**WHAT YOU NEED TO DO**
Type out all the records again exactly.

[[ INPUT open ]]

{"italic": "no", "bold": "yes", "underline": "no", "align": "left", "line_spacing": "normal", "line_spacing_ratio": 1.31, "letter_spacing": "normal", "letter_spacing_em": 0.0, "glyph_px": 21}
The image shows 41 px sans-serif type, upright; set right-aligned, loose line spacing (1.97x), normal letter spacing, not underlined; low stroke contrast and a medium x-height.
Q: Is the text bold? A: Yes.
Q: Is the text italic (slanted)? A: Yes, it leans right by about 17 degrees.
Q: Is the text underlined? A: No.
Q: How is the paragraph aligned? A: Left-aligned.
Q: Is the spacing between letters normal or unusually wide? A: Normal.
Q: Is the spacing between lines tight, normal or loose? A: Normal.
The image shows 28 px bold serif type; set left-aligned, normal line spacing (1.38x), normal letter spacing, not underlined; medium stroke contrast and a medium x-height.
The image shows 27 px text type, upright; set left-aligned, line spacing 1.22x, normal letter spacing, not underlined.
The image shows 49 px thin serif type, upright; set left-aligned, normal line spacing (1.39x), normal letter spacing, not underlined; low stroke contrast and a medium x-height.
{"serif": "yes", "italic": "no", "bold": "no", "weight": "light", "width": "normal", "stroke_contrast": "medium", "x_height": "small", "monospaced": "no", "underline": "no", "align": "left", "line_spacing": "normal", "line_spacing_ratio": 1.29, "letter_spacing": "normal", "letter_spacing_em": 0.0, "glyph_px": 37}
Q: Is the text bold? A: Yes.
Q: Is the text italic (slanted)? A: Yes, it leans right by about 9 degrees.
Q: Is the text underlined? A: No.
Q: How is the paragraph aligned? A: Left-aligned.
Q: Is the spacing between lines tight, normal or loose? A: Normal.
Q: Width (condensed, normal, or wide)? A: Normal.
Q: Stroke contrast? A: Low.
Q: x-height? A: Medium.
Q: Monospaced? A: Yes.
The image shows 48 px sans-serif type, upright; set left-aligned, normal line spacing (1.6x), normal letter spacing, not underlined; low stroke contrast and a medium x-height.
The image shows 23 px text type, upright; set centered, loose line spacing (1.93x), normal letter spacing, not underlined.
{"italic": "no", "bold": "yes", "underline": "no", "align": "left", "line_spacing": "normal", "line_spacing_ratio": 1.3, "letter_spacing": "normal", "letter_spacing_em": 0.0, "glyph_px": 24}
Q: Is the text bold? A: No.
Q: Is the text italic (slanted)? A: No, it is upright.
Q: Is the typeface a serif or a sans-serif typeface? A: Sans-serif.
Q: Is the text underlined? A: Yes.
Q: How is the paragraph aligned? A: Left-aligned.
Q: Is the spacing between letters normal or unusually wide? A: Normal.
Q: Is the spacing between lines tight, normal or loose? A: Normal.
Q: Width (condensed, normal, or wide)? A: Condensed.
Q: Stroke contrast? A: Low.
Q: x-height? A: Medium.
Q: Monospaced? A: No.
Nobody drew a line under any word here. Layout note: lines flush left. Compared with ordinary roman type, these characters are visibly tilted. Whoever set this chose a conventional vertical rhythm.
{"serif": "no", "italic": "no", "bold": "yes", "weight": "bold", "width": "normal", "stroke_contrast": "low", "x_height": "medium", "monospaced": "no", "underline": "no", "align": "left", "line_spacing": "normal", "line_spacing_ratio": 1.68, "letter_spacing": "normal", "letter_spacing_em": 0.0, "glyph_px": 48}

[[ INPUT closed ]]

**RESPONSE TO THE EXERCISE**
{"italic": "no", "bold": "yes", "underline": "no", "align": "left", "line_spacing": "normal", "line_spacing_ratio": 1.31, "letter_spacing": "normal", "letter_spacing_em": 0.0, "glyph_px": 21}
The image shows 41 px sans-serif type, upright; set right-aligned, loose line spacing (1.97x), normal letter spacing, not underlined; low stroke contrast and a medium x-height.
Q: Is the text bold? A: Yes.
Q: Is the text italic (slanted)? A: Yes, it leans right by about 17 degrees.
Q: Is the text underlined? A: No.
Q: How is the paragraph aligned? A: Left-aligned.
Q: Is the spacing between letters normal or unusually wide? A: Normal.
Q: Is the spacing between lines tight, normal or loose? A: Normal.
The image shows 28 px bold serif type; set left-aligned, normal line spacing (1.38x), normal letter spacing, not underlined; medium stroke contrast and a medium x-height.
The image shows 27 px text type, upright; set left-aligned, line spacing 1.22x, normal letter spacing, not underlined.
The image shows 49 px thin serif type, upright; set left-aligned, normal line spacing (1.39x), normal letter spacing, not underlined; low stroke contrast and a medium x-height.
{"serif": "yes", "italic": "no", "bold": "no", "weight": "light", "width": "normal", "stroke_contrast": "medium", "x_height": "small", "monospaced": "no", "underline": "no", "align": "left", "line_spacing": "normal", "line_spacing_ratio": 1.29, "letter_spacing": "normal", "letter_spacing_em": 0.0, "glyph_px": 37}
Q: Is the text bold? A: Yes.
Q: Is the text italic (slanted)? A: Yes, it leans right by about 9 degrees.
Q: Is the text underlined? A: No.
Q: How is the paragraph aligned? A: Left-aligned.
Q: Is the spacing between lines tight, normal or loose? A: Normal.
Q: Width (condensed, normal, or wide)? A: Normal.
Q: Stroke contrast? A: Low.
Q: x-height? A: Medium.
Q: Monospaced? A: Yes.
The image shows 48 px sans-serif type, upright; set left-aligned, normal line spacing (1.6x), normal letter spacing, not underlined; low stroke contrast and a medium x-height.
The image shows 23 px text type, upright; set centered, loose line spacing (1.93x), normal letter spacing, not underlined.
{"italic": "no", "bold": "yes", "underline": "no", "align": "left", "line_spacing": "normal", "line_spacing_ratio": 1.3, "letter_spacing": "normal", "letter_spacing_em": 0.0, "glyph_px": 24}
Q: Is the text bold? A: No.
Q: Is the text italic (slanted)? A: No, it is upright.
Q: Is the typeface a serif or a sans-serif typeface? A: Sans-serif.
Q: Is the text underlined? A: Yes.
Q: How is the paragraph aligned? A: Left-aligned.
Q: Is the spacing between letters normal or unusually wide? A: Normal.
Q: Is the spacing between lines tight, normal or loose? A: Normal.
Q: Width (condensed, normal, or wide)? A: Condensed.
Q: Stroke contrast? A: Low.
Q: x-height? A: Medium.
Q: Monospaced? A: No.
Nobody drew a line under any word here. Layout note: lines flush left. Compared with ordinary roman type, these characters are visibly tilted. Whoever set this chose a conventional vertical rhythm.
{"serif": "no", "italic": "no", "bold": "yes", "weight": "bold", "width": "normal", "stroke_contrast": "low", "x_height": "medium", "monospaced": "no", "underline": "no", "align": "left", "line_spacing": "normal", "line_spacing_ratio": 1.68, "letter_spacing": "normal", "letter_spacing_em": 0.0, "glyph_px": 48}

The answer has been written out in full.